This is a heavy duty working or fighting knife. The Blade is made of thick heavy steel, usually from 8 to 14 inches long. The grips are made of deer, elk antlers, bone, or wood. The Bowie knife is carried in a leather sheath or composite sheath.

Even though there are commercial bowies available, I prefer custom made by Johnny Z, an up and coming custom knife maker with a growing national reputation.  I have carried this particular bowie knife for years and it is much better in comparison to others I have handled.

Spear Point/ Knife Hybrid

This is basically a fixed blade knife with a handle that unscrews from the blade. The blade point can be mounted onto a broomstick or threaded wooden or metal shaft.

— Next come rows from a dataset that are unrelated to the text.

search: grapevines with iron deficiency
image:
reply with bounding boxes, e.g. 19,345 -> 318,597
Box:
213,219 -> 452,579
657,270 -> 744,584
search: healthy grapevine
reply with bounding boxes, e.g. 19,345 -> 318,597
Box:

Recommended Knife: SOG Spirit. While fairly new on the market, it is an ideal multi-purpose tool for your bug-out kit.

Machetes

Machetes, or jungle knives have a blade ranging from 18“ to 24“ long. It is used to chop a path through vegetation.

Recommended knife: Cold Steel Machete.

Hatchets or tomahawks

Hatchets or tomahawks are used for chopping and hacking. They can chop wood or other housekeeping duties.  They can also be a very dangerous weapon in skilled hands, or when paired with a bowie knife.

Recommended Tomahawk: SOG.

Sickles and Curved Blades

These tools date back to the beginning of man’s agricultural pursuits. They are generally used to work the fields.  From biblical times forward, the sickle was a very dangerous weapon that could cut off a man’s limbs or his head. While the Romans outlawed other knives, Celtic peasants and others were still allowed to keep their sickles for farming purposes.

Recommended Sickle: Custom made by Johnny Z.  Commercial sickles are available, however I have had this one from Johnny Z for several years now. Custom sickles make a great gift for the survivor fan or herbalist among your family and friends.

Folding Saws

These saws are used cut through wood, bones while dressing game, or even metal that needs to be cut.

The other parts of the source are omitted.